## Problem statement
Which lines of the listing hold the string "wide"? Show each of them.

## Records to use
━━━━━━━━━━━━━━━━━━━━
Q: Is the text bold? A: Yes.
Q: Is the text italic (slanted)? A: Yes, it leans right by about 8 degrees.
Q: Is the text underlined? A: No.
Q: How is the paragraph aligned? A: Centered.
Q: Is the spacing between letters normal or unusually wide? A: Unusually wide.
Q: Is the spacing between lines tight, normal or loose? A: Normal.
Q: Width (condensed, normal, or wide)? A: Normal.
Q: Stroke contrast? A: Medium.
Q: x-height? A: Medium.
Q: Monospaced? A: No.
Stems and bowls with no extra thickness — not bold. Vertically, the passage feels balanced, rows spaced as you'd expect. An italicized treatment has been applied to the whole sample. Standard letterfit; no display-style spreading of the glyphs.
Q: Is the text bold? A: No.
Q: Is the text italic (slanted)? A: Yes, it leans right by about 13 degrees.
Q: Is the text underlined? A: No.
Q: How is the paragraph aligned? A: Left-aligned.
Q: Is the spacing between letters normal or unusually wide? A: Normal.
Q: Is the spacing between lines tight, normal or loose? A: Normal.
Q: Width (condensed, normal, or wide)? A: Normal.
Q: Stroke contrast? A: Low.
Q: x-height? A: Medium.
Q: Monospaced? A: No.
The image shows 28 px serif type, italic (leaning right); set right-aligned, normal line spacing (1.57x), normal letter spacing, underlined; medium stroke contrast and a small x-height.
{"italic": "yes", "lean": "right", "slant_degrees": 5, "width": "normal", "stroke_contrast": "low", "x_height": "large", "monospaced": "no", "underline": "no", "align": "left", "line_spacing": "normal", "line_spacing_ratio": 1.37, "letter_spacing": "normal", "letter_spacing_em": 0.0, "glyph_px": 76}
━━━━━━━━━━━━━━━━━━━━
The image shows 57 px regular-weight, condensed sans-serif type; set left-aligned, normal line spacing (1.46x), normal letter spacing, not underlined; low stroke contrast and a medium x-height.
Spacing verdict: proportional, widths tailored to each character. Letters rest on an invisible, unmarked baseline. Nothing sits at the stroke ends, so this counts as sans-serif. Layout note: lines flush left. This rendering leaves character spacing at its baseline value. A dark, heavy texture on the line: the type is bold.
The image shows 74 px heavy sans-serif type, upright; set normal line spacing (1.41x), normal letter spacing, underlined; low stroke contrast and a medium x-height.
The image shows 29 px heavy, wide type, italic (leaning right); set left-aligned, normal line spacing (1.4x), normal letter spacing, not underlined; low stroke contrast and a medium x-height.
━━━━━━━━━━━━━━━━━━━━
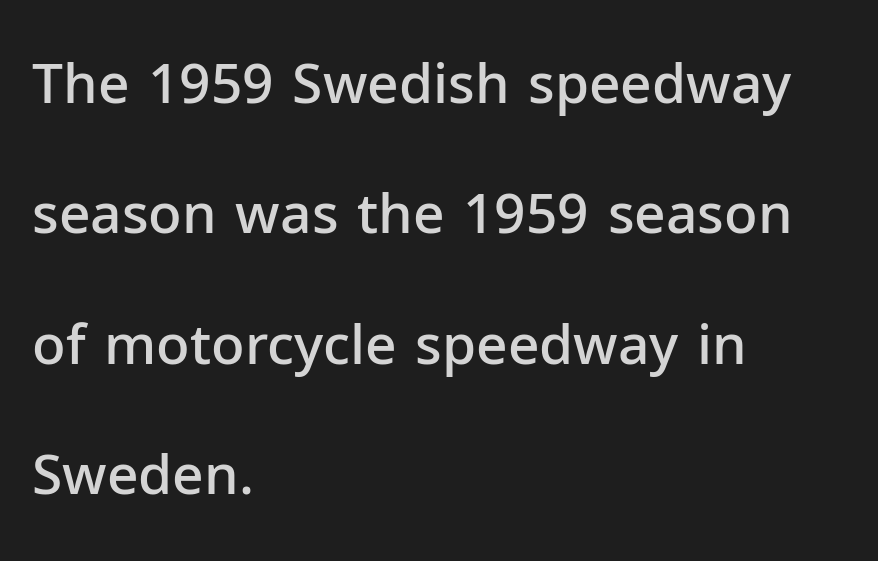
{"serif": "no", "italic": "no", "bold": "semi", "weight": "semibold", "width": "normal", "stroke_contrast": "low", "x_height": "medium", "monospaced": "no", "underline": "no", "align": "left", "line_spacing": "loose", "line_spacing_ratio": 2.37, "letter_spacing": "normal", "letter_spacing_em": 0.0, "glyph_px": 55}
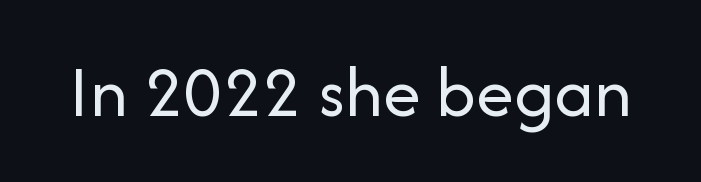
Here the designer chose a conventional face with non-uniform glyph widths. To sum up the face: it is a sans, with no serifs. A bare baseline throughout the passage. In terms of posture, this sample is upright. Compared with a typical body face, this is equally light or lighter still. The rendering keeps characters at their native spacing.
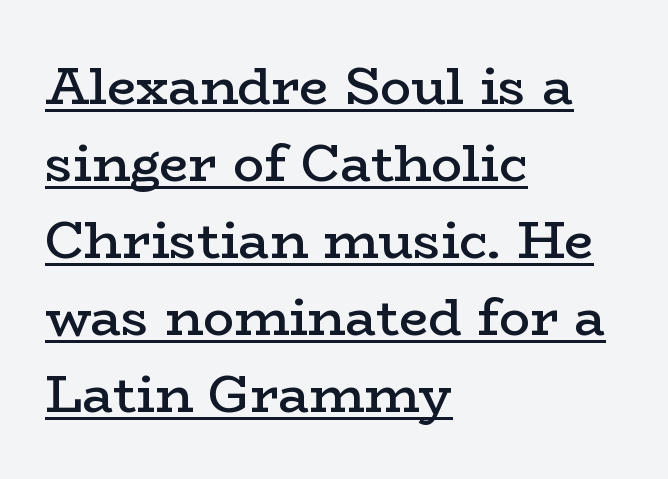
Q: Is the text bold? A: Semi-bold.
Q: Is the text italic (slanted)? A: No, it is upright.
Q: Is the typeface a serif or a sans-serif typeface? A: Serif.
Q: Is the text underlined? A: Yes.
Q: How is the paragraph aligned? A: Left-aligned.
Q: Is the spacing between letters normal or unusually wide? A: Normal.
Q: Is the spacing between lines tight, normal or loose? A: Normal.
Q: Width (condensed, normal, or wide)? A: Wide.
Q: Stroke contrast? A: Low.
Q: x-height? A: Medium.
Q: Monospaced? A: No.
━━━━━━━━━━━━━━━━━━━━
## Task response
Q: Is the spacing between letters normal or unusually wide? A: Unusually wide.
Q: Width (condensed, normal, or wide)? A: Normal.
Q: Is the spacing between letters normal or unusually wide? A: Normal.
Q: Width (condensed, normal, or wide)? A: Normal.
The image shows 29 px heavy, wide type, italic (leaning right); set left-aligned, normal line spacing (1.4x), normal letter spacing, not underlined; low stroke contrast and a medium x-height.
Q: Is the spacing between letters normal or unusually wide? A: Normal.
Q: Width (condensed, normal, or wide)? A: Wide.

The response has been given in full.